VwGH: aktuelle Entscheidung zum Tabakgesetz

Der Verwaltungsgerichtshof in einem Erkenntnis vom 24.07.2013, Geschäftszahl 2013/11/0137, mit dem  Nichtraucherschutz in einem Einkaufszentren auseinader gesetzt.

Dem Verfahren lag  folgende Fallkonstruktion zugrunde: Ein Gastronomielokal in einem Einkaufszentrum hat einen Teil seines Lokales räumlich von der Mall des Einkaufszentrums abgetrennt, z.B. mit Glaswänden und erlaubt in diesem Teil das Rauchen, da außerhalb des räumlich abgetrennten Teiles Verabreichungsplätze liegen, wo Rauchverbot herrscht.
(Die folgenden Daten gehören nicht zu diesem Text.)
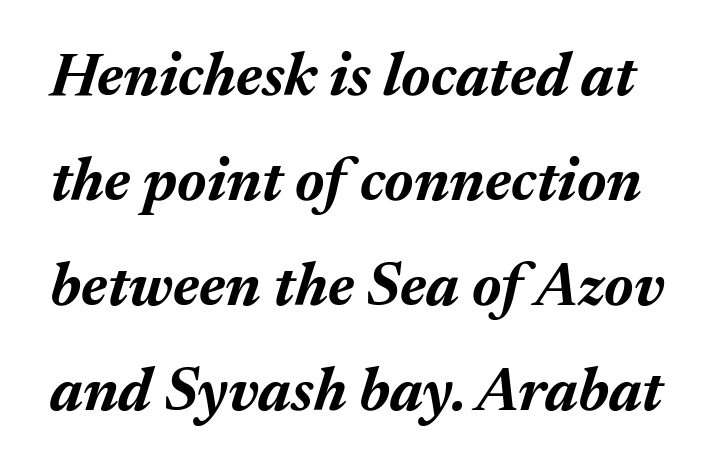
This sample uses plain, unmodified letter spacing. The passage shown is not underscored anywhere. Does the lettering tilt? It does — this is italic. The passage shown is emphatically bold. A typesetter would call this proportional, since set widths differ per character.

Diese Verabreichungsplätze stehen in offener Verbindung zur Mall oder befinden sich auf dieser.

Zur Frage, ob in Einkaufszentren ein Verabreichungsbereich eines gastronomischen Lokales, der ohne räumliche Abgrenzung in der Mall des Einkaufszentrums liegt, als „Raum“ im Sinne des Tabakgesetzes zum Lokal dazuzuzählen ist, hat der VwGH in seinem jüngsten Erkenntnis vom 24.7.2013, 2013/11/0137, zu Recht erkannt, dass dieser Bereich nicht als ein Raum eines Gastgewerbebetriebs iSd. § 13a TabakG zu qualifizieren ist.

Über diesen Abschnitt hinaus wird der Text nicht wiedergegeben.